My understanding is that Gerrit stores all this in an SQL database -- is
there no SQL database that could provide a sufficient guarantee of
consistency if configured appropriately? Or is it the case that it's
just way more difficult? I don't have an idea of the scale of the
problem that you want to be solved..
Having been working with Gerrit last week, it seems like something of a
resource hog too. Gitano seems much more lightweight. I think this is a
good reason to stick with Gitano where we can.
For archive curation, I believe that we should continue to
recommend
the use of gitano as a central storage facility, and further that we
should continue to use gitano to manage the archive used to generate the
reference systems. While there is a knowledge horizon imposed by
mirroring, in that we cannot validate the accuracy of commits not
applied directly to the archive mirror, the use of lorry provides us
with some degree of comfort that we have accurately captured the commits
made upstream, and will not lose commits removed upstream, and that we
have some traceability to this process.

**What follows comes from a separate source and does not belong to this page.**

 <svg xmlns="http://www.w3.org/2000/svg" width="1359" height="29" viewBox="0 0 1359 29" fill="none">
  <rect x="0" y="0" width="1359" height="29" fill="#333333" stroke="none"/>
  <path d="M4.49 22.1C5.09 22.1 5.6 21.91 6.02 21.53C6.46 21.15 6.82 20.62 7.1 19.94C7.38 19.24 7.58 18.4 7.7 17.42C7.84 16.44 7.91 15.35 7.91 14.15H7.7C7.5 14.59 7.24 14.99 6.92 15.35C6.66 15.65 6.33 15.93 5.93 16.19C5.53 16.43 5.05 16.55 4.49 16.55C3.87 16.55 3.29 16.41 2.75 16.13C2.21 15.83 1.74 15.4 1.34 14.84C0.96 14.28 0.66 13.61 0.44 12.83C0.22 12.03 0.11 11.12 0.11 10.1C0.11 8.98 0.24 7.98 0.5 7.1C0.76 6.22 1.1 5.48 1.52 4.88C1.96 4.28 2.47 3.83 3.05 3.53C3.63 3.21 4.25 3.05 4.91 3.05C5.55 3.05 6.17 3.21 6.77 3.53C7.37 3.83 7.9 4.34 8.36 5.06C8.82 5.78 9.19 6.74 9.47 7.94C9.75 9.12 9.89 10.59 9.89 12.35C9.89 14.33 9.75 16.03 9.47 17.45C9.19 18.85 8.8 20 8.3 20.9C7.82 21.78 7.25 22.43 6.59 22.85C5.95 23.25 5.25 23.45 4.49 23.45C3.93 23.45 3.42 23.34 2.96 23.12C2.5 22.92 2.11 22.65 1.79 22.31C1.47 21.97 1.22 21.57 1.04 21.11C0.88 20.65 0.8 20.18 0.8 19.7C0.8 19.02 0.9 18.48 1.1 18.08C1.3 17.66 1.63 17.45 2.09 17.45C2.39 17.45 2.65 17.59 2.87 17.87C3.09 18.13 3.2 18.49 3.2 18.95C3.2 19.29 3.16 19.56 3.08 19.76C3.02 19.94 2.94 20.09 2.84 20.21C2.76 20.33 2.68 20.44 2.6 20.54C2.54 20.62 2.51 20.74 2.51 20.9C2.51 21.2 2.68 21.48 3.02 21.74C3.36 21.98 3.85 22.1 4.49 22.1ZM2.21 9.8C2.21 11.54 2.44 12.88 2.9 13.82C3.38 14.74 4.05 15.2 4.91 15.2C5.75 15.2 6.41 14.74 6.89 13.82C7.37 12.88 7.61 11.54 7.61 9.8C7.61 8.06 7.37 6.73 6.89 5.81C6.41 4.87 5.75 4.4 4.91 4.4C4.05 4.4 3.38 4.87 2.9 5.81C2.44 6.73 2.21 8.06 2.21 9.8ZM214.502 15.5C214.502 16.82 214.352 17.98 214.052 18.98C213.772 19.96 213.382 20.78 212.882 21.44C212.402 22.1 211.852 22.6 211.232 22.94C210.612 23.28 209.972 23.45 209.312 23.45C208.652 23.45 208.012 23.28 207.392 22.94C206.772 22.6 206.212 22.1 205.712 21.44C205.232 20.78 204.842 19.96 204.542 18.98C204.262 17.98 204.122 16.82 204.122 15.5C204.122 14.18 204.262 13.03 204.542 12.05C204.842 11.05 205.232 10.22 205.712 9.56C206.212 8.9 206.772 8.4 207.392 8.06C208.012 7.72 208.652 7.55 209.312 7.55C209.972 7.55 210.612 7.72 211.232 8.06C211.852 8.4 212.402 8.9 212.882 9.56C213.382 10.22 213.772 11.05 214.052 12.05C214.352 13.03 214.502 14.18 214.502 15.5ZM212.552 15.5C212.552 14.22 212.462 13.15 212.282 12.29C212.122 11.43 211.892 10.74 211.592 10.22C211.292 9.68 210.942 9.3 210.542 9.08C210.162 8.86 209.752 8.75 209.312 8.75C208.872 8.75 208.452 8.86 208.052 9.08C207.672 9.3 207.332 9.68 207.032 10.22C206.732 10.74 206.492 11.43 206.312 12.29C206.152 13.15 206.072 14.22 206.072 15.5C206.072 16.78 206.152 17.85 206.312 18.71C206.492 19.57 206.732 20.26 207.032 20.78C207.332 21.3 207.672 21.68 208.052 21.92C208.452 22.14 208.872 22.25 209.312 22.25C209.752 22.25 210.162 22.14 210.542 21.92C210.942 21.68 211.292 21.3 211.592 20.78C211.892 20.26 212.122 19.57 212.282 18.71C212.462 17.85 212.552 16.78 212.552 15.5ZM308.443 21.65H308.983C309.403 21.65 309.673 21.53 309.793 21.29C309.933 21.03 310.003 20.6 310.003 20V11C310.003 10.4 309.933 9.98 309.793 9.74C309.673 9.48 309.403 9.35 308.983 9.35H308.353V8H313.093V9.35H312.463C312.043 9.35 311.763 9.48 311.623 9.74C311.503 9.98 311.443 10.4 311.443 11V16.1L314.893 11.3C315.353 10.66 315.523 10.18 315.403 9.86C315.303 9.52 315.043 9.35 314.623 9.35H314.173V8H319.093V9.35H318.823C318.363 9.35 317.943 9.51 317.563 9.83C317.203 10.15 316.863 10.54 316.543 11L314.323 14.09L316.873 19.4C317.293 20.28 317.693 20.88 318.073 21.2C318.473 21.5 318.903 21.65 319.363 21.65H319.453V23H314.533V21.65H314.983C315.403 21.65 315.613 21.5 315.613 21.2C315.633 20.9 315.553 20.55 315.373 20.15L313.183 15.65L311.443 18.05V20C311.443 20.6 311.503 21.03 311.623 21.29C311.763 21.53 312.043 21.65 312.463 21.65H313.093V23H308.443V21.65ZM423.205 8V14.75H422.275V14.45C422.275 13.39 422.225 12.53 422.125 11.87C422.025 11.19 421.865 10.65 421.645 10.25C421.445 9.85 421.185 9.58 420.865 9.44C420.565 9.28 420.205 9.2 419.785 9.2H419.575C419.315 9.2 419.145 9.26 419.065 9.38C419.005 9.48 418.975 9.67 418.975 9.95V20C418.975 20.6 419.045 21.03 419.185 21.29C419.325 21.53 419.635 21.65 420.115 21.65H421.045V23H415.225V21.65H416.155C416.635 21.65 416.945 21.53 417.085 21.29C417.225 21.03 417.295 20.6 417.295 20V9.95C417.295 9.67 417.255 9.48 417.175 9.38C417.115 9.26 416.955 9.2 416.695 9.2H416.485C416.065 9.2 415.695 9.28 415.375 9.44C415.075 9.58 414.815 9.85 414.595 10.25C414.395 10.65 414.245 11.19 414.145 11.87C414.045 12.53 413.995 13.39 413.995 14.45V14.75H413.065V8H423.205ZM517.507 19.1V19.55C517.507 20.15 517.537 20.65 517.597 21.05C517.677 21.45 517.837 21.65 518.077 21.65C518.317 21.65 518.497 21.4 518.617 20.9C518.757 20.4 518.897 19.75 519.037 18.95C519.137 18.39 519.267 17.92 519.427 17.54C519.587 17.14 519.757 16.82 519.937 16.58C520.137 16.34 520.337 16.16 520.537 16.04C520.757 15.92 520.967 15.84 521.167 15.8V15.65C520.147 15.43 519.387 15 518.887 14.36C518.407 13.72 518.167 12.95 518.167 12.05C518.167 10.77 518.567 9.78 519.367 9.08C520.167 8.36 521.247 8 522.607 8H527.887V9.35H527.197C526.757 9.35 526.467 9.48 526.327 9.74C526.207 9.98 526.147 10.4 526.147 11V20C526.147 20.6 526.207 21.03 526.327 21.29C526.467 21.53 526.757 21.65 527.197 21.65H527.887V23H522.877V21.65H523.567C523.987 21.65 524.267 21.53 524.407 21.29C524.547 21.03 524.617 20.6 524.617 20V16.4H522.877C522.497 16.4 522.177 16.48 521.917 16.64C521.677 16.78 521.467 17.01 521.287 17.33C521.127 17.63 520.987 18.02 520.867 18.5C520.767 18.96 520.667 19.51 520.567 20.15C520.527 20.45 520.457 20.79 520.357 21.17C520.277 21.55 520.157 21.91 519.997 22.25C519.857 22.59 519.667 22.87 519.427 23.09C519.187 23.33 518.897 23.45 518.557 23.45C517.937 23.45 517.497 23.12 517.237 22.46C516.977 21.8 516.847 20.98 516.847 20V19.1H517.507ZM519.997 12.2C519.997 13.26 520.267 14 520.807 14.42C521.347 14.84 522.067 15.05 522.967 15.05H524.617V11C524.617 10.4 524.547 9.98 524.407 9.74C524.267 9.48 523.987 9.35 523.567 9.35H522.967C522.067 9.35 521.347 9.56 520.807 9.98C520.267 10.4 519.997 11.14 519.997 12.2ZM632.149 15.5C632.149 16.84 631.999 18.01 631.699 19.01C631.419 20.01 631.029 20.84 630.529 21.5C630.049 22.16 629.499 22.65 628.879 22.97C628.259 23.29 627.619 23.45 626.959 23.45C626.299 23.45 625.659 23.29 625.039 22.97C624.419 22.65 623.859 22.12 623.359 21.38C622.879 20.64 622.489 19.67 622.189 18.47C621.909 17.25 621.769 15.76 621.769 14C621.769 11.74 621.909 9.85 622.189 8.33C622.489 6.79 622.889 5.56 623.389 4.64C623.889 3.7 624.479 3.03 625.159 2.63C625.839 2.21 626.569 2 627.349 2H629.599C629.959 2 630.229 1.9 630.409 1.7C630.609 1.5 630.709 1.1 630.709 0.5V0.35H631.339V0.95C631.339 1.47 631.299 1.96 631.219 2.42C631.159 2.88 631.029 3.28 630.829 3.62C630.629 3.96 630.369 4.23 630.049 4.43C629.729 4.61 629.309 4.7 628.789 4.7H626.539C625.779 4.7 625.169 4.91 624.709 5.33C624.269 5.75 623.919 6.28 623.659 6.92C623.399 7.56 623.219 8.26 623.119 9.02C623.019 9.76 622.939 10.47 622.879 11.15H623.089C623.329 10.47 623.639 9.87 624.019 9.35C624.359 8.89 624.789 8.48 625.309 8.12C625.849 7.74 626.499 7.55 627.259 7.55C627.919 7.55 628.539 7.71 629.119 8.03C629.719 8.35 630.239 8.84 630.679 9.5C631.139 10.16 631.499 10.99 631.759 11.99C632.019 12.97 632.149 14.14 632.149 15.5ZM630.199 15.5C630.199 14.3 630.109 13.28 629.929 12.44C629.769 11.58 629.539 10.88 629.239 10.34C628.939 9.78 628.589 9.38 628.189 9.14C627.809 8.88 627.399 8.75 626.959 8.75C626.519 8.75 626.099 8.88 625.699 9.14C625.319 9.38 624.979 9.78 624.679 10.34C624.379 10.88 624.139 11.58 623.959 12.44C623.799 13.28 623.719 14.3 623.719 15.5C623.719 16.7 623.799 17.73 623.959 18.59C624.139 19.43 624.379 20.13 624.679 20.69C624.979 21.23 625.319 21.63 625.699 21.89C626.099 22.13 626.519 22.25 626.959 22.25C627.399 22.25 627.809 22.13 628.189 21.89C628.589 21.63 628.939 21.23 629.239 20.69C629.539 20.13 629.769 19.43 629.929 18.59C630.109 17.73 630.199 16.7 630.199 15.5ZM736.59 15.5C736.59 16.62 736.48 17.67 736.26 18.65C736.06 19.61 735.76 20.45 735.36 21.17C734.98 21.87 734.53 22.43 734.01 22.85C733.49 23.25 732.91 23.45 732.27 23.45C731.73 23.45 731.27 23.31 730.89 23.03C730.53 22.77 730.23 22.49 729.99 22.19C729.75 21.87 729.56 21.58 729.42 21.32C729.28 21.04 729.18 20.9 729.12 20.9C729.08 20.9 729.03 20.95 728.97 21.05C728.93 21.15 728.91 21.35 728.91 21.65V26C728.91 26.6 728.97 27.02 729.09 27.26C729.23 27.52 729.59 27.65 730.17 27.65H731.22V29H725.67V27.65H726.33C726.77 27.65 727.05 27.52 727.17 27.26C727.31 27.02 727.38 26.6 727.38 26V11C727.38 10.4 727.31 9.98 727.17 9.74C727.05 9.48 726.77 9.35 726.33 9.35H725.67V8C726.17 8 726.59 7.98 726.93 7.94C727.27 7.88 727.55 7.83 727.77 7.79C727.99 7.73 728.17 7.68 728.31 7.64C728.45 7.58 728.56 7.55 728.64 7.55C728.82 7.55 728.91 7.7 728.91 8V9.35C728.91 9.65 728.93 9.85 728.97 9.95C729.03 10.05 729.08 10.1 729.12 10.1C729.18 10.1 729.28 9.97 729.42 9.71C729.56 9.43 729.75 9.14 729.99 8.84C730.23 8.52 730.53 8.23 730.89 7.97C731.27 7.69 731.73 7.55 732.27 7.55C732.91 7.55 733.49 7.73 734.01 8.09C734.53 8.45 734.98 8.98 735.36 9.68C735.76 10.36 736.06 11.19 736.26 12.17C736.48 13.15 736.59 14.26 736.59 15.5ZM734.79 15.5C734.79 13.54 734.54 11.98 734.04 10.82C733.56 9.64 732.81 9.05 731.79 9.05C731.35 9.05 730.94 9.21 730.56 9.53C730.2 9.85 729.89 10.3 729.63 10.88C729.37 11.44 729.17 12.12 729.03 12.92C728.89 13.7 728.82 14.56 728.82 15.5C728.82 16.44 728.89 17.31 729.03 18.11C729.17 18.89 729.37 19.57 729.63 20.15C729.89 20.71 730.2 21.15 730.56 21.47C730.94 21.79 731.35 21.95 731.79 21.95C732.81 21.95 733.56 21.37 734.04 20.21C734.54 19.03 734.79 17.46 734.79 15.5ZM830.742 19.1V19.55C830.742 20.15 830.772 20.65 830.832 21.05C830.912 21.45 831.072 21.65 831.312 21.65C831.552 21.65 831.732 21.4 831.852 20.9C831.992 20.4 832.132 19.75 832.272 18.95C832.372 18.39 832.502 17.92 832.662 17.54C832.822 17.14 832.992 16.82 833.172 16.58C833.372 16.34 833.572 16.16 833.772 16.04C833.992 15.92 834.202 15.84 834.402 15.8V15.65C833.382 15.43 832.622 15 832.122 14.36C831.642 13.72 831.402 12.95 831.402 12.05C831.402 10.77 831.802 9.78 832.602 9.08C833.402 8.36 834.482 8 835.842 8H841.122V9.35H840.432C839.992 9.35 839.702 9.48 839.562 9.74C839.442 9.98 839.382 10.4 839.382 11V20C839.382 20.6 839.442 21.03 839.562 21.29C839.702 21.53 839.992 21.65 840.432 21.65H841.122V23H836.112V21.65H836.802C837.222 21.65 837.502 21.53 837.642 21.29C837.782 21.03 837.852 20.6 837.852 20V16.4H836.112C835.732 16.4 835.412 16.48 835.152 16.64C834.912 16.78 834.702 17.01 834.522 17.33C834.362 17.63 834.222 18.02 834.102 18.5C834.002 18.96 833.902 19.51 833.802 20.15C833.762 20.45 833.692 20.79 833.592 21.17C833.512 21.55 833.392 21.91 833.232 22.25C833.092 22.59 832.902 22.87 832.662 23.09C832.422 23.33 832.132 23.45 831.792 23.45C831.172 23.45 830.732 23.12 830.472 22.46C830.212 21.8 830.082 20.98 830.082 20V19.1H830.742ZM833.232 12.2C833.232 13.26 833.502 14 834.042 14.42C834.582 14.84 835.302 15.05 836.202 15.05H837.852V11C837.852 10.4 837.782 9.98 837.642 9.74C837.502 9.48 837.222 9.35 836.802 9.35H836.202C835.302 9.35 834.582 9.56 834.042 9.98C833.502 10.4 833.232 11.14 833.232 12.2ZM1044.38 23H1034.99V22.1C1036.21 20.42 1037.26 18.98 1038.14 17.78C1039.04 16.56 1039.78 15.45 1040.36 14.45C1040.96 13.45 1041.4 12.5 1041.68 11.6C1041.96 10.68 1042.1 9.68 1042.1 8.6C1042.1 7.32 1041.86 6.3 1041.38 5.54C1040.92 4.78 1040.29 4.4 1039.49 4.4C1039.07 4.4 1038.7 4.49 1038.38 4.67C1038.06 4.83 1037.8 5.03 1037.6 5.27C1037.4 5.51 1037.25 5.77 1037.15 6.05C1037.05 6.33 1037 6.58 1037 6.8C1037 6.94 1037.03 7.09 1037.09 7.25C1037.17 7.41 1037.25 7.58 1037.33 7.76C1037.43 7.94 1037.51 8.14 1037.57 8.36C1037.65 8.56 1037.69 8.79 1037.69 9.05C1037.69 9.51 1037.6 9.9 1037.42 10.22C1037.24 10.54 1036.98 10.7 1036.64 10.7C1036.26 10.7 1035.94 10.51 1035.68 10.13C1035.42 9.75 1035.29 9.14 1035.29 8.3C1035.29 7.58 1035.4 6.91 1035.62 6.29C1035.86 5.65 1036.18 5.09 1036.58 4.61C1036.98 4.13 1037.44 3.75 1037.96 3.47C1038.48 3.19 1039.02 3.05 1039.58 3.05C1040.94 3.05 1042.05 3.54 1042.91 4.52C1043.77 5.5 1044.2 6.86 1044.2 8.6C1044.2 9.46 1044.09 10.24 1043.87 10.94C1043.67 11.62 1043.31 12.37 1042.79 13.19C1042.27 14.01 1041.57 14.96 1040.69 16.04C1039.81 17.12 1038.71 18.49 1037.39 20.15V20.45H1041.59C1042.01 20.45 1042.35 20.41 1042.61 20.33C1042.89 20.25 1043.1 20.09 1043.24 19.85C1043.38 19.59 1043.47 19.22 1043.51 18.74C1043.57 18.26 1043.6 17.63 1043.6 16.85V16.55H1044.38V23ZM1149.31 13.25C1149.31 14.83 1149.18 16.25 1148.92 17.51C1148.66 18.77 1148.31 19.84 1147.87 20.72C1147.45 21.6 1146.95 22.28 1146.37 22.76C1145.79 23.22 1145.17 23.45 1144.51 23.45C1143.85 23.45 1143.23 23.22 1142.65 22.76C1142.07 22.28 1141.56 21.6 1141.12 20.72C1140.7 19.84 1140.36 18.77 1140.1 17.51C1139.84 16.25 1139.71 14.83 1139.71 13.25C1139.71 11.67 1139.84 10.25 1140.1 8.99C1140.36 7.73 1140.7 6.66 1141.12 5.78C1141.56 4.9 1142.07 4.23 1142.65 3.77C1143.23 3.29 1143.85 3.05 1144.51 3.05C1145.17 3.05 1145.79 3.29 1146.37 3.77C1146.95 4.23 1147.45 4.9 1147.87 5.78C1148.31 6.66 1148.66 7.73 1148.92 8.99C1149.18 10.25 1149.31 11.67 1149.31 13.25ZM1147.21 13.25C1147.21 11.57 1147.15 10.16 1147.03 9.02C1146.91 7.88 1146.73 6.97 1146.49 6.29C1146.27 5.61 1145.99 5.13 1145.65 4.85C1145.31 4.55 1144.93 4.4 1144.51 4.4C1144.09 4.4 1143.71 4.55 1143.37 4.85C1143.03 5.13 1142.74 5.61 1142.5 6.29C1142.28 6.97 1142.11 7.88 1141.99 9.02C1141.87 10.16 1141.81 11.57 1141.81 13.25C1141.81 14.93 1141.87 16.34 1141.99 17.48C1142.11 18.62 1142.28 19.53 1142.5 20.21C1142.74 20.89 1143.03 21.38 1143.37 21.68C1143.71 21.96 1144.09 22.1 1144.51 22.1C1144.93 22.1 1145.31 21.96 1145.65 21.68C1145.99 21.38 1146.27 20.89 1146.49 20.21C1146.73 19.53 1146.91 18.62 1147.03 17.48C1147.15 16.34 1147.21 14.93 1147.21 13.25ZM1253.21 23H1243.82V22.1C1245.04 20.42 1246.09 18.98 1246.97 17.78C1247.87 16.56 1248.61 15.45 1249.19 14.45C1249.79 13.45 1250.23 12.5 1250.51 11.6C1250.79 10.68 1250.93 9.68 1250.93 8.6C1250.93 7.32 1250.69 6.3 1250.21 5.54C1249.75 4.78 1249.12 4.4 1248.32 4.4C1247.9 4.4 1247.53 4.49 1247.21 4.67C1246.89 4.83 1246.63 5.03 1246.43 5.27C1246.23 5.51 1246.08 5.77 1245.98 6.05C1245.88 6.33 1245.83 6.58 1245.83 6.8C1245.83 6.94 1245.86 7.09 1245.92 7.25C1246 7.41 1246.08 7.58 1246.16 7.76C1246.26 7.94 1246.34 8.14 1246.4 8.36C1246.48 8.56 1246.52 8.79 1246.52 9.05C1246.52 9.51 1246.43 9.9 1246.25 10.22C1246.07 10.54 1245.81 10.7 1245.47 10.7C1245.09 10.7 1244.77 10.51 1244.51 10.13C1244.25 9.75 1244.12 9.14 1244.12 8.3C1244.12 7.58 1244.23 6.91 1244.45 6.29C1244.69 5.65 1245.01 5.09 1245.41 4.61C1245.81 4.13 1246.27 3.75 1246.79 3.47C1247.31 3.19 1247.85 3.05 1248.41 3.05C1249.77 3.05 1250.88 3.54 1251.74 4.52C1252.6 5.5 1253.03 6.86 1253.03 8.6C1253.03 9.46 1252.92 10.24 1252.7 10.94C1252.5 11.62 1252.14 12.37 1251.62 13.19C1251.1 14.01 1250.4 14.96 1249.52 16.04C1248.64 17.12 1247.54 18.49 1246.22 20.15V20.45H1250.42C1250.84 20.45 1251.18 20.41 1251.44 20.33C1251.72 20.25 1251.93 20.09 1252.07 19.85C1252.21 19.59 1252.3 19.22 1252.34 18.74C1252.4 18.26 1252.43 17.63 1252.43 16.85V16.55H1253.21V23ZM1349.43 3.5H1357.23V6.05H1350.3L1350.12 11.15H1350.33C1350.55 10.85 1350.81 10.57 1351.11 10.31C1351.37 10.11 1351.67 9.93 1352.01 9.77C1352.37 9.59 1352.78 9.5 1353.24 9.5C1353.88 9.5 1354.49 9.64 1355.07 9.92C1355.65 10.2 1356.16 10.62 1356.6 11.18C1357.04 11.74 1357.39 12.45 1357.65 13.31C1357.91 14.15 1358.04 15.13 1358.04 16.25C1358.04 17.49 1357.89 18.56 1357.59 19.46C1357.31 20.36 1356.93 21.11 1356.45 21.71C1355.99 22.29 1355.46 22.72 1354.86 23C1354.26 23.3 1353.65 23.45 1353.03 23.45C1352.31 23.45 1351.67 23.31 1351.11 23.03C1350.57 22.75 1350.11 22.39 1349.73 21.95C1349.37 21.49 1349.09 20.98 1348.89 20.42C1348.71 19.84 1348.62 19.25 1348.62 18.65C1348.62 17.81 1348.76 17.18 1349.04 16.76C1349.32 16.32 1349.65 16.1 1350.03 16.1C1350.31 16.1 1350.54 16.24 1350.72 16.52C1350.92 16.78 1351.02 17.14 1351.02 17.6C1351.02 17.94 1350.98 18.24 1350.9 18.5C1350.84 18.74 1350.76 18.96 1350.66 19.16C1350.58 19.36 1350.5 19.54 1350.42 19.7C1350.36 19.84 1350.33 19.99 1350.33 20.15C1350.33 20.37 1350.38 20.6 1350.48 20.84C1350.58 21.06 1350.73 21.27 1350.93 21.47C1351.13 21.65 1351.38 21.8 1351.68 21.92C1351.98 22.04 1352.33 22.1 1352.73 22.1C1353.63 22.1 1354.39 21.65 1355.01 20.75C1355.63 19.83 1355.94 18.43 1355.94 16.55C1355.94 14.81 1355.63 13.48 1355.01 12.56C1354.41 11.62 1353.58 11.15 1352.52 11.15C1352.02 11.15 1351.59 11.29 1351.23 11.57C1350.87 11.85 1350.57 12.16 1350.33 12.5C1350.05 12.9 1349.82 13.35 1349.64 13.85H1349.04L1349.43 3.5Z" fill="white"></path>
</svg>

If we change to a git server
that does not provide the same level of guarantee as gitano, there is a
much greater potential for rogue commits to be present, making it less
safe for organisations to mirror the Baserock archive, and that the
Baserock project cannot have as much confidence in systems deployed by
the operations team.
For patch tracking, we clearly want to use gerrit, as gitano has no
such features. In the case of repositories for which Baserock is
upstream (lorry, morph, definitions, etc.), a sensible model might be to
have the "upstream" repository be on gerrit, and lorry this into the
curated archive, as with any other upstream component. In the event
that the "upstream" archive is compromised or corrupted, the project can
confidently detect the issue and safely recover from the curated archive
mirror.
I agree it'd be good to have the canonical baserock/baserock/* repos
(those of them which aren't obsolete) hosted in Gerrit.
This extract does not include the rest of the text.